It is hard to exaggerate the hold that the research excellence framework has over UK academia.
It is, quite simply, the single biggest influence on the way that universities operate. It dictates the behaviour of both academics and managers. It is blamed for shameless game-playing, crazy transfer markets, for sowing division, encouraging exclusion and spawning layer upon layer of bureaucracy.
It is expensive and unloved. It is also widely believed to have improved the quality of UK research.
So for those who breathe the REF-polluted air of university corridors, Lord Stern’s review is almost as sensitive a subject as his previous inquiry into the economics of climate change.
The recommendations, published last week, have largely been well received, and the full details are set out in our news pages.
Perhaps the most contentious issue he addresses is whether credit for research should reside with the person who did it, moving with them when they change jobs, or with the university where they were based at the time the work was carried out.
In previous exercises, the credit moved with the academic.

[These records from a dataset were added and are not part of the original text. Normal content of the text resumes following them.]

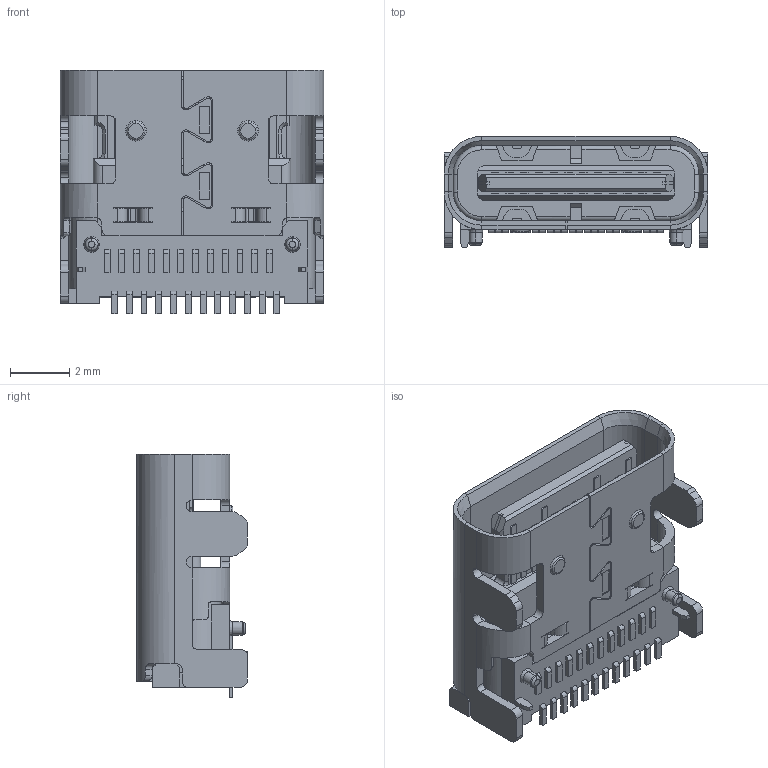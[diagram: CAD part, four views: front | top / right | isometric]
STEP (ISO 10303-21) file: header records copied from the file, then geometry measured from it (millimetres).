
FILE_DESCRIPTION (( 'STEP AP214' ), '1' );
FILE_NAME ('USB4080-03-A.STEP', '2021-11-17T02:36:16', ( '' ), ( '' ), 'SwSTEP 2.0', 'SolidWorks 2017', '' );
FILE_SCHEMA (( 'AUTOMOTIVE_DESIGN' ));
Length unit declared in the file: millimetre
Products named in the file (1): USB4080-03-A
Bounding box: 8.94 x 3.76 x 8.25 mm (x, y, z)
Volume: 129.3 mm3; surface area: 540.3 mm2
Topology: 54 solids, 54 shells, 866 faces, 2164 edges, 1402 vertices
Faces by surface type: plane 617, cylinder 195, cone 26, torus 18, bspline 10
Entity records: 27063 total; most frequent: CARTESIAN_POINT 5517, ORIENTED_EDGE 4328, DIRECTION 4240, EDGE_CURVE 2164, VECTOR 1630, LINE 1630, VERTEX_POINT 1402, AXIS2_PLACEMENT_3D 1305

Stern wants this to change, in the hope of ending the wheeling and dealing immediately before REF deadlines.
For the academics concerned this feeding frenzy is a boon. There are big pay days on offer, and in our news pages this week we report on a study that shows that a cynical approach to pre-REF recruitment, with the inevitable inequality it creates within departments, does pay off from a university perspective. It also chimes with the sense that researchers are working for themselves (or, perhaps, for their field) rather than for their institution.

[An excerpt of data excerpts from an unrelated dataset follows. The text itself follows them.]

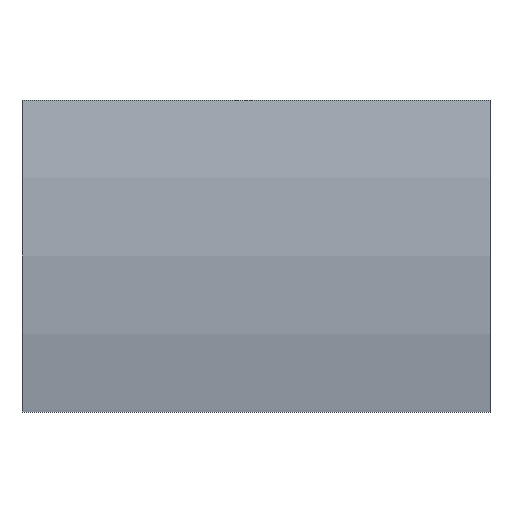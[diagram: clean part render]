
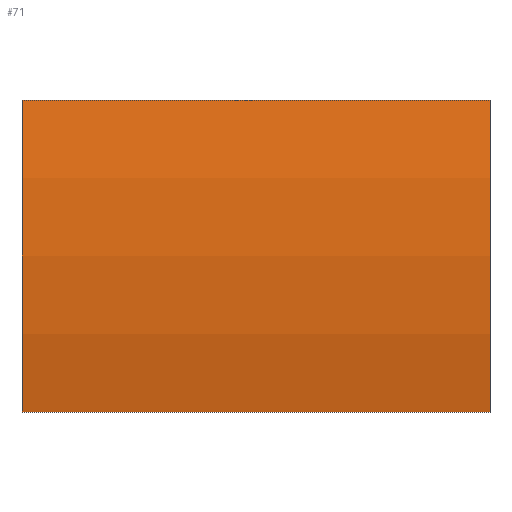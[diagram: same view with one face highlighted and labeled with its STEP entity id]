
A CAD part, left-side view. The second image highlights one B-rep face of the part: STEP entity #71.
In plain terms, the highlighted cylindrical face has radius 45.85 mm (diameter 91.7 mm), a partial arc.
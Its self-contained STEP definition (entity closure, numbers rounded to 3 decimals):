
#2 = VERTEX_POINT ( 'NONE', #10 ) ;
#10 = CARTESIAN_POINT ( 'NONE',  ( -40.391, 0., 10. ) ) ;
#12 = LINE ( 'NONE', #62, #139 ) ;
#14 = DIRECTION ( 'NONE',  ( 0., 0., -1. ) ) ;
#24 = VECTOR ( 'NONE', #186, 1000. ) ;
#25 = EDGE_CURVE ( 'NONE', #145, #2, #12, .T. ) ;
#26 = FACE_OUTER_BOUND ( 'NONE', #48, .T. ) ;
#28 = ORIENTED_EDGE ( 'NONE', *, *, #90, .T. ) ;
#29 = AXIS2_PLACEMENT_3D ( 'NONE', #113, #191, #159 ) ;
#32 = VERTEX_POINT ( 'NONE', #118 ) ;
#34 = CARTESIAN_POINT ( 'NONE',  ( 4.355, 30., 0. ) ) ;
#41 = DIRECTION ( 'NONE',  ( 0., 1., 0. ) ) ;
#48 = EDGE_LOOP ( 'NONE', ( #28, #115, #151, #147 ) ) ;
#62 = CARTESIAN_POINT ( 'NONE',  ( -40.391, 30., 10. ) ) ;
#66 = CARTESIAN_POINT ( 'NONE',  ( -40.391, 30., 10. ) ) ;
#71 = ADVANCED_FACE ( 'NONE', ( #26 ), #83, .T. ) ;
#77 = CIRCLE ( 'NONE', #29, 45.85 ) ;
#80 = CIRCLE ( 'NONE', #130, 45.85 ) ;
#81 = DIRECTION ( 'NONE',  ( 0., -1., 0. ) ) ;
#83 = CYLINDRICAL_SURFACE ( 'NONE', #99, 45.85 ) ;
#85 = DIRECTION ( 'NONE',  ( 0., 0., 1. ) ) ;
#90 = EDGE_CURVE ( 'NONE', #109, #2, #80, .T. ) ;
#99 = AXIS2_PLACEMENT_3D ( 'NONE', #34, #81, #14 ) ;
#106 = EDGE_CURVE ( 'NONE', #32, #109, #168, .T. ) ;
#109 = VERTEX_POINT ( 'NONE', #150 ) ;
#113 = CARTESIAN_POINT ( 'NONE',  ( 4.355, 30., 0. ) ) ;
#115 = ORIENTED_EDGE ( 'NONE', *, *, #25, .F. ) ;
#118 = CARTESIAN_POINT ( 'NONE',  ( -40.391, 30., -10. ) ) ;
#130 = AXIS2_PLACEMENT_3D ( 'NONE', #148, #41, #85 ) ;
#139 = VECTOR ( 'NONE', #195, 1000. ) ;
#145 = VERTEX_POINT ( 'NONE', #66 ) ;
#147 = ORIENTED_EDGE ( 'NONE', *, *, #106, .T. ) ;
#148 = CARTESIAN_POINT ( 'NONE',  ( 4.355, 0., 0. ) ) ;
#150 = CARTESIAN_POINT ( 'NONE',  ( -40.391, 0., -10. ) ) ;
#151 = ORIENTED_EDGE ( 'NONE', *, *, #171, .F. ) ;
#154 = CARTESIAN_POINT ( 'NONE',  ( -40.391, 30., -10. ) ) ;
#159 = DIRECTION ( 'NONE',  ( 0., 0., 1. ) ) ;
#168 = LINE ( 'NONE', #154, #24 ) ;
#171 = EDGE_CURVE ( 'NONE', #32, #145, #77, .T. ) ;
#186 = DIRECTION ( 'NONE',  ( 0., -1., 0. ) ) ;
#191 = DIRECTION ( 'NONE',  ( 0., 1., 0. ) ) ;
#195 = DIRECTION ( 'NONE',  ( 0., -1., 0. ) ) ;

Stern’s suggestion, then, that credit should stay with the institution where work was carried out will cause ructions. It’s not only established professors who may worry: early career researchers have also raised concerns about the impact of such a change. But the reality is that the REF has always been an institutional – rather than individual – review, and he’s right to address the indisputable excesses of the transfer market and game-playing (the suggestion that all staff be submitted to the REF 2020 should help to achieve the latter goal too).
Some seem to think that Stern’s proposals will result in no one moving job ever again, but the more likely shift is that hiring will happen much earlier in the REF cycle to allow outputs to be built up.

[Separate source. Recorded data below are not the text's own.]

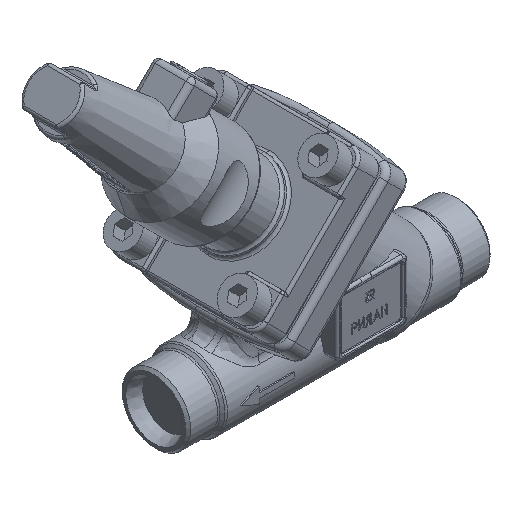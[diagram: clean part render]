
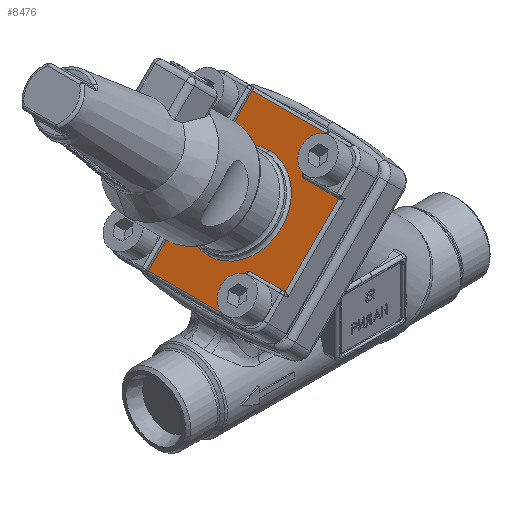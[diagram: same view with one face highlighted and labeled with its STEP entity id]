
A CAD part, isometric view. The second image highlights one B-rep face of the part: STEP entity #8476.
In plain terms, the highlighted planar face has unit normal (-0.707, 0, 0.707).
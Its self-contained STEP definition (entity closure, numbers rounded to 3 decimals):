
#8042=CARTESIAN_POINT('',(-16.088,-16.,65.028));
#8043=VERTEX_POINT('',#8042);
#8050=CARTESIAN_POINT('',(-16.088,-29.,65.028));
#8051=VERTEX_POINT('',#8050);
#8052=CARTESIAN_POINT('',(-16.088,-16.,65.028));
#8053=DIRECTION('',(-0.,-1.,-0.));
#8054=VECTOR('',#8053,13.);
#8055=LINE('',#8052,#8054);
#8056=EDGE_CURVE('',#8043,#8051,#8055,.T.);
#8082=CARTESIAN_POINT('',(-6.189,-15.,74.927));
#8083=VERTEX_POINT('',#8082);
#8090=CARTESIAN_POINT('',(-15.381,-15.,65.735));
#8091=VERTEX_POINT('',#8090);
#8092=CARTESIAN_POINT('',(-6.189,-15.,74.927));
#8093=DIRECTION('',(-0.707,0.,-0.707));
#8094=VECTOR('',#8093,13.);
#8095=LINE('',#8092,#8094);
#8096=EDGE_CURVE('',#8083,#8091,#8095,.T.);
#8122=CARTESIAN_POINT('',(-15.381,15.,65.735));
#8123=VERTEX_POINT('',#8122);
#8130=CARTESIAN_POINT('',(-6.189,15.,74.927));
#8131=VERTEX_POINT('',#8130);
#8132=CARTESIAN_POINT('',(-15.381,15.,65.735));
#8133=DIRECTION('',(0.707,-0.,0.707));
#8134=VECTOR('',#8133,13.);
#8135=LINE('',#8132,#8134);
#8136=EDGE_CURVE('',#8123,#8131,#8135,.T.);
#8162=CARTESIAN_POINT('',(-16.088,29.,65.028));
#8163=VERTEX_POINT('',#8162);
#8170=CARTESIAN_POINT('',(-16.088,16.,65.028));
#8171=VERTEX_POINT('',#8170);
#8172=CARTESIAN_POINT('',(-16.088,29.,65.028));
#8173=DIRECTION('',(-0.,-1.,-0.));
#8174=VECTOR('',#8173,13.);
#8175=LINE('',#8172,#8174);
#8176=EDGE_CURVE('',#8163,#8171,#8175,.T.);
#8202=CARTESIAN_POINT('',(-37.301,16.,43.815));
#8203=VERTEX_POINT('',#8202);
#8210=CARTESIAN_POINT('',(-37.301,29.,43.815));
#8211=VERTEX_POINT('',#8210);
#8212=CARTESIAN_POINT('',(-37.301,16.,43.815));
#8213=DIRECTION('',(0.,1.,0.));
#8214=VECTOR('',#8213,13.);
#8215=LINE('',#8212,#8214);
#8216=EDGE_CURVE('',#8203,#8211,#8215,.T.);
#8242=CARTESIAN_POINT('',(-47.201,15.,33.915));
#8243=VERTEX_POINT('',#8242);
#8250=CARTESIAN_POINT('',(-38.009,15.,43.107));
#8251=VERTEX_POINT('',#8250);
#8252=CARTESIAN_POINT('',(-47.201,15.,33.915));
#8253=DIRECTION('',(0.707,-0.,0.707));
#8254=VECTOR('',#8253,13.);
#8255=LINE('',#8252,#8254);
#8256=EDGE_CURVE('',#8243,#8251,#8255,.T.);
#8282=CARTESIAN_POINT('',(-38.009,-15.,43.107));
#8283=VERTEX_POINT('',#8282);
#8290=CARTESIAN_POINT('',(-47.201,-15.,33.915));
#8291=VERTEX_POINT('',#8290);
#8292=CARTESIAN_POINT('',(-38.009,-15.,43.107));
#8293=DIRECTION('',(-0.707,0.,-0.707));
#8294=VECTOR('',#8293,13.);
#8295=LINE('',#8292,#8294);
#8296=EDGE_CURVE('',#8283,#8291,#8295,.T.);
#8322=CARTESIAN_POINT('',(-37.301,-29.,43.815));
#8323=VERTEX_POINT('',#8322);
#8330=CARTESIAN_POINT('',(-37.301,-16.,43.815));
#8331=VERTEX_POINT('',#8330);
#8332=CARTESIAN_POINT('',(-37.301,-29.,43.815));
#8333=DIRECTION('',(0.,1.,0.));
#8334=VECTOR('',#8333,13.);
#8335=LINE('',#8332,#8334);
#8336=EDGE_CURVE('',#8323,#8331,#8335,.T.);
#8389=CARTESIAN_POINT('',(-26.695,0.,54.421));
#8390=DIRECTION('',(-0.707,0.,0.707));
#8391=DIRECTION('',(-0.707,0.,-0.707));
#8392=AXIS2_PLACEMENT_3D('',#8389,#8390,#8391);
#8393=PLANE('',#8392);
#8394=CARTESIAN_POINT('',(-38.716,0.,42.4));
#8395=VERTEX_POINT('',#8394);
#8396=CARTESIAN_POINT('',(-14.674,-0.,66.442));
#8397=VERTEX_POINT('',#8396);
#8398=CARTESIAN_POINT('',(-26.695,0.,54.421));
#8399=DIRECTION('',(0.707,-0.,-0.707));
#8400=DIRECTION('',(0.707,0.,0.707));
#8401=AXIS2_PLACEMENT_3D('',#8398,#8399,#8400);
#8402=CIRCLE('',#8401,17.);
#8403=EDGE_CURVE('',#8395,#8397,#8402,.T.);
#8404=ORIENTED_EDGE('',*,*,#8403,.T.);
#8405=CARTESIAN_POINT('',(-26.695,0.,54.421));
#8406=DIRECTION('',(0.707,-0.,-0.707));
#8407=DIRECTION('',(0.707,0.,0.707));
#8408=AXIS2_PLACEMENT_3D('',#8405,#8406,#8407);
#8409=CIRCLE('',#8408,17.);
#8410=EDGE_CURVE('',#8397,#8395,#8409,.T.);
#8411=ORIENTED_EDGE('',*,*,#8410,.T.);
#8412=EDGE_LOOP('',(#8404,#8411));
#8413=FACE_BOUND('',#8412,.T.);
#8414=ORIENTED_EDGE('',*,*,#8256,.F.);
#8415=CARTESIAN_POINT('',(-47.201,15.,33.915));
#8416=DIRECTION('',(-0.,-1.,-0.));
#8417=VECTOR('',#8416,30.);
#8418=LINE('',#8415,#8417);
#8419=EDGE_CURVE('',#8243,#8291,#8418,.T.);
#8420=ORIENTED_EDGE('',*,*,#8419,.T.);
#8421=ORIENTED_EDGE('',*,*,#8296,.F.);
#8422=CARTESIAN_POINT('',(-38.009,-16.,43.107));
#8423=DIRECTION('',(0.707,-0.,-0.707));
#8424=DIRECTION('',(0.707,0.,0.707));
#8425=AXIS2_PLACEMENT_3D('',#8422,#8423,#8424);
#8426=CIRCLE('',#8425,1.);
#8427=EDGE_CURVE('',#8283,#8331,#8426,.T.);
#8428=ORIENTED_EDGE('',*,*,#8427,.T.);
#8429=ORIENTED_EDGE('',*,*,#8336,.F.);
#8430=CARTESIAN_POINT('',(-37.301,-29.,43.815));
#8431=DIRECTION('',(0.707,-0.,0.707));
#8432=VECTOR('',#8431,30.);
#8433=LINE('',#8430,#8432);
#8434=EDGE_CURVE('',#8323,#8051,#8433,.T.);
#8435=ORIENTED_EDGE('',*,*,#8434,.T.);
#8436=ORIENTED_EDGE('',*,*,#8056,.F.);
#8437=CARTESIAN_POINT('',(-15.381,-16.,65.735));
#8438=DIRECTION('',(0.707,-0.,-0.707));
#8439=DIRECTION('',(0.707,0.,0.707));
#8440=AXIS2_PLACEMENT_3D('',#8437,#8438,#8439);
#8441=CIRCLE('',#8440,1.);
#8442=EDGE_CURVE('',#8043,#8091,#8441,.T.);
#8443=ORIENTED_EDGE('',*,*,#8442,.T.);
#8444=ORIENTED_EDGE('',*,*,#8096,.F.);
#8445=CARTESIAN_POINT('',(-6.189,-15.,74.927));
#8446=DIRECTION('',(0.,1.,0.));
#8447=VECTOR('',#8446,30.);
#8448=LINE('',#8445,#8447);
#8449=EDGE_CURVE('',#8083,#8131,#8448,.T.);
#8450=ORIENTED_EDGE('',*,*,#8449,.T.);
#8451=ORIENTED_EDGE('',*,*,#8136,.F.);
#8452=CARTESIAN_POINT('',(-15.381,16.,65.735));
#8453=DIRECTION('',(0.707,-0.,-0.707));
#8454=DIRECTION('',(0.707,0.,0.707));
#8455=AXIS2_PLACEMENT_3D('',#8452,#8453,#8454);
#8456=CIRCLE('',#8455,1.);
#8457=EDGE_CURVE('',#8123,#8171,#8456,.T.);
#8458=ORIENTED_EDGE('',*,*,#8457,.T.);
#8459=ORIENTED_EDGE('',*,*,#8176,.F.);
#8460=CARTESIAN_POINT('',(-16.088,29.,65.028));
#8461=DIRECTION('',(-0.707,0.,-0.707));
#8462=VECTOR('',#8461,30.);
#8463=LINE('',#8460,#8462);
#8464=EDGE_CURVE('',#8163,#8211,#8463,.T.);
#8465=ORIENTED_EDGE('',*,*,#8464,.T.);
#8466=ORIENTED_EDGE('',*,*,#8216,.F.);
#8467=CARTESIAN_POINT('',(-38.009,16.,43.107));
#8468=DIRECTION('',(0.707,-0.,-0.707));
#8469=DIRECTION('',(0.707,0.,0.707));
#8470=AXIS2_PLACEMENT_3D('',#8467,#8468,#8469);
#8471=CIRCLE('',#8470,1.);
#8472=EDGE_CURVE('',#8203,#8251,#8471,.T.);
#8473=ORIENTED_EDGE('',*,*,#8472,.T.);
#8474=EDGE_LOOP('',(#8414,#8420,#8421,#8428,#8429,#8435,#8436,#8443,#8444,#8450,#8451,#8458,#8459,#8465,#8466,#8473));
#8475=FACE_BOUND('',#8474,.T.);
#8476=ADVANCED_FACE('',(#8413,#8475),#8393,.T.);

It’s also the case that no amount of rejigging will abolish the targets and spreadsheets culture that now exists in research management. Stern might be accused of wishful thinking if he believes that a new approach to REF submission in 2020 – including everyone but allowing greater flexibility in the number of outputs required from individuals – will suddenly mean that everyone has time for labours of love such as The History of the Decline and Fall of the Roman Empire.
But his review offers a road to a better REF: one that should more accurately reflect the best research departments, be more inclusive for academics, and less burdensome for administrators. If it doesn’t change the climate, at least it promises to improve the weather.